Records from a data source
----------------------------------------
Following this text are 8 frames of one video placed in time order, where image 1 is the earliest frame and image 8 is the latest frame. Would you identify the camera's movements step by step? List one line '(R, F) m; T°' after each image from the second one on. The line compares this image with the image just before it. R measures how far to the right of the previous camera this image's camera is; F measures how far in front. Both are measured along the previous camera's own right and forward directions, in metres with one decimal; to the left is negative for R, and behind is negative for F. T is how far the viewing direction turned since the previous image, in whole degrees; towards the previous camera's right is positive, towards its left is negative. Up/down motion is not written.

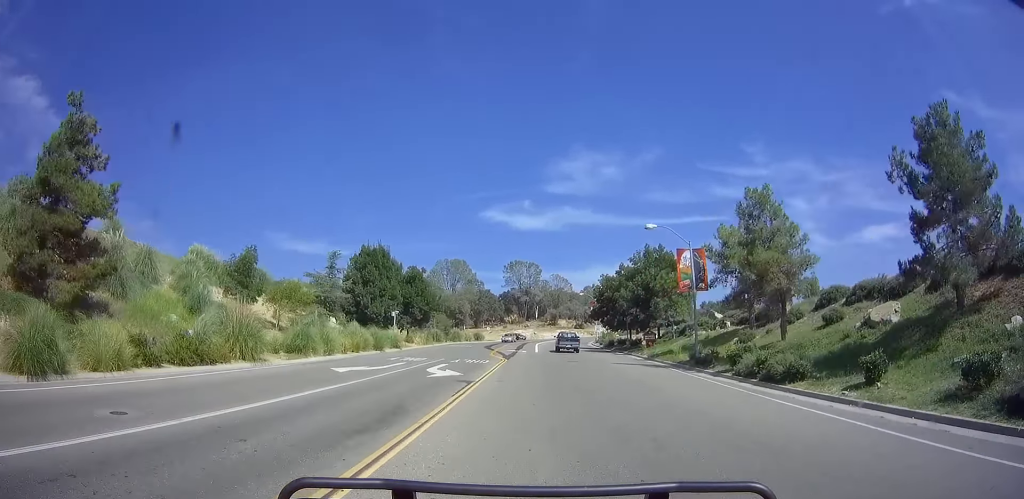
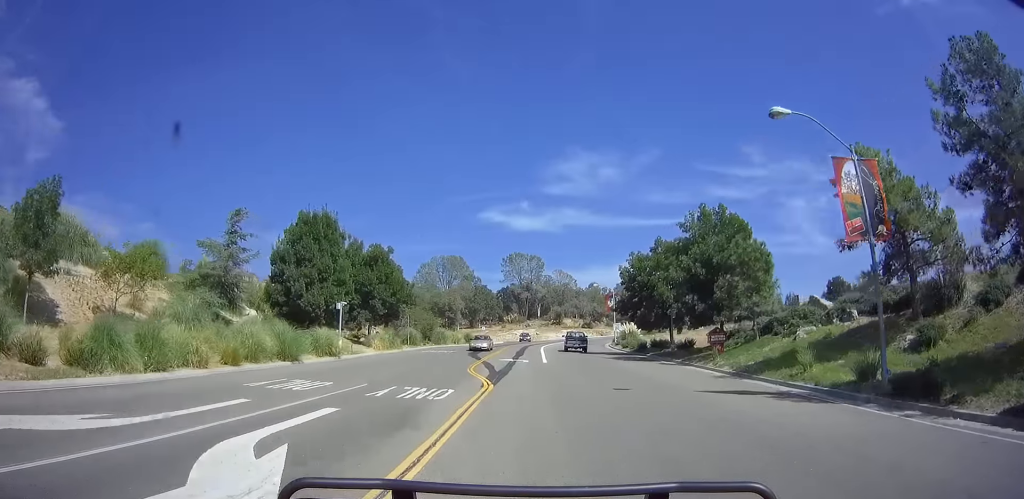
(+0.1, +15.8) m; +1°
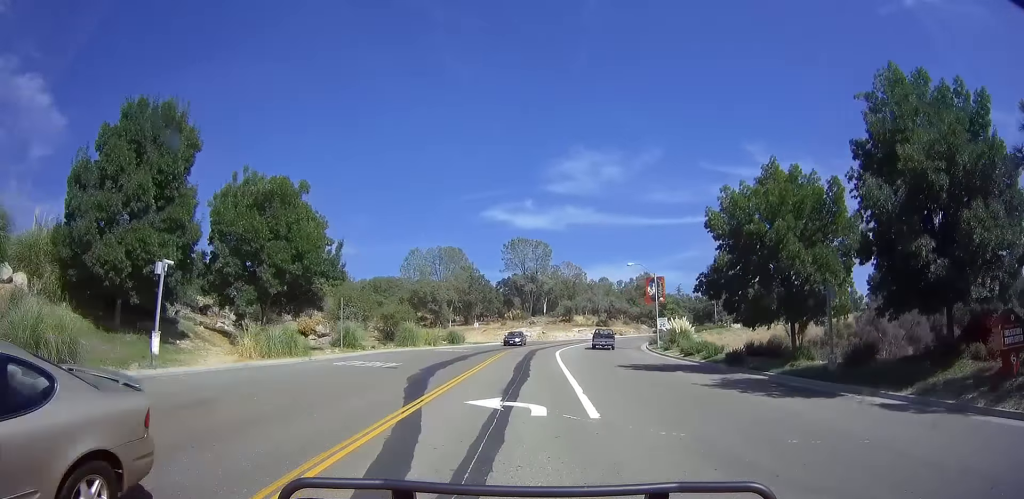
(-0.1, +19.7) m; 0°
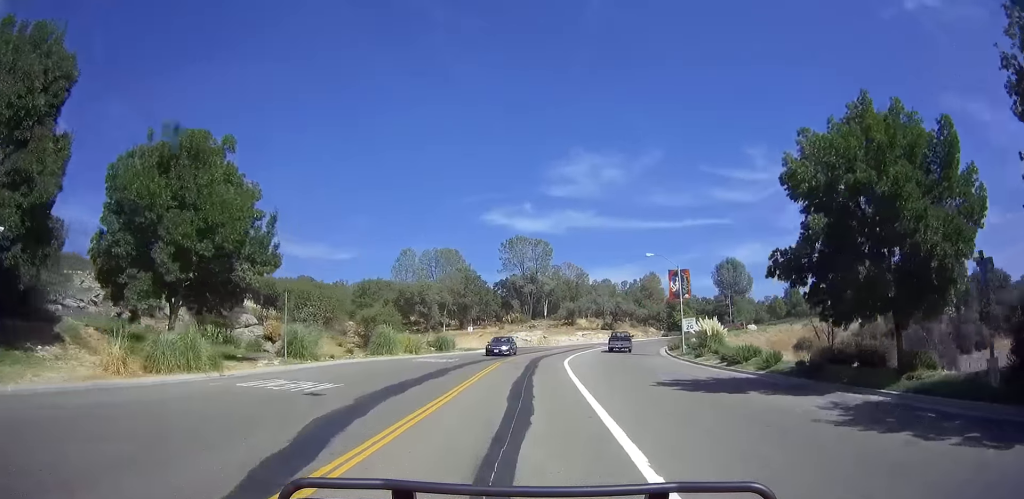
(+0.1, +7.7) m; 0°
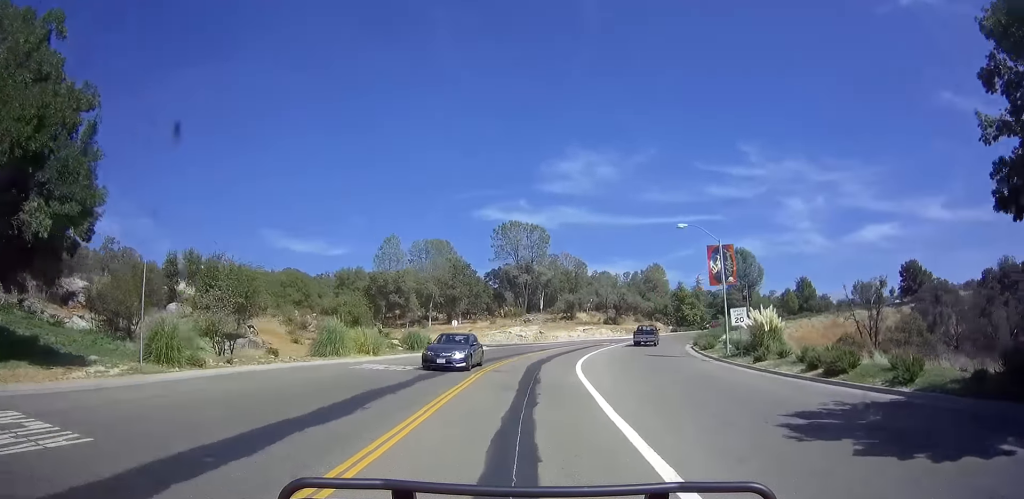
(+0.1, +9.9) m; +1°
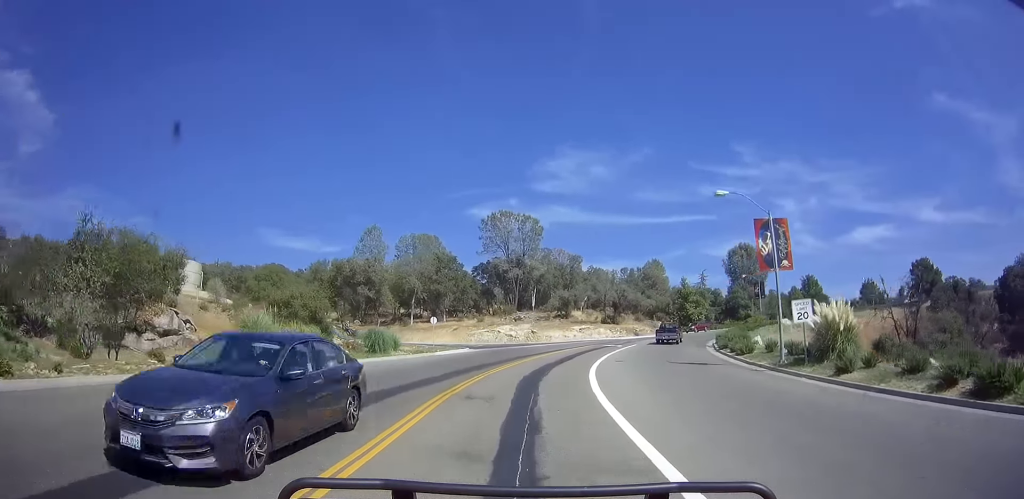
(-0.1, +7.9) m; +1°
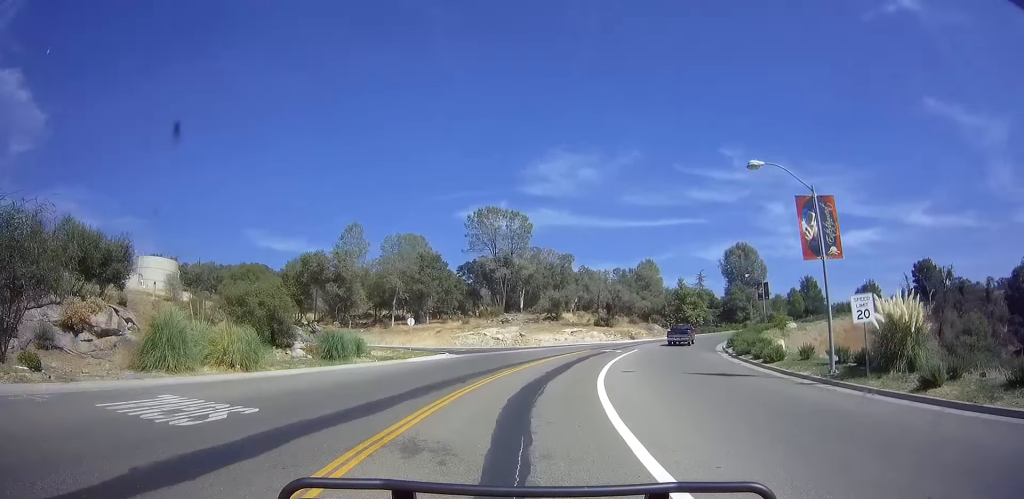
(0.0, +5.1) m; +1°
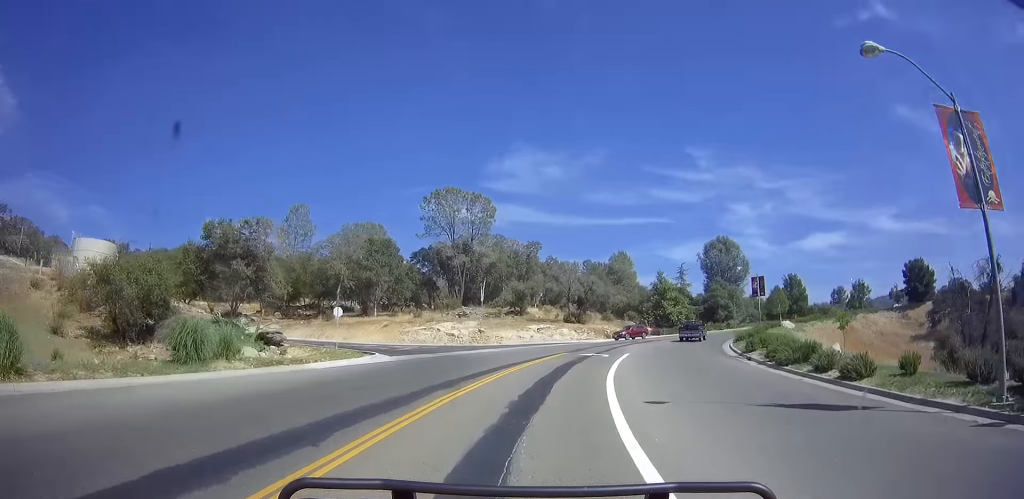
----------------------------------------
The task: Please write out all the entries above again exactly as they appear, skipping any images.

The answer:
Following this text are 8 frames of one video placed in time order, where image 1 is the earliest frame and image 8 is the latest frame. Would you identify the camera's movements step by step? List one line '(R, F) m; T°' after each image from the second one on. The line compares this image with the image just before it. R measures how far to the right of the previous camera this image's camera is; F measures how far in front. Both are measured along the previous camera's own right and forward directions, in metres with one decimal; to the left is negative for R, and behind is negative for F. T is how far the viewing direction turned since the previous image, in whole degrees; towards the previous camera's right is positive, towards its left is negative. Up/down motion is not written.

(+0.1, +15.8) m; +1°
(-0.1, +19.7) m; 0°
(+0.1, +7.7) m; 0°
(+0.1, +9.9) m; +1°
(-0.1, +7.9) m; +1°
(0.0, +5.1) m; +1°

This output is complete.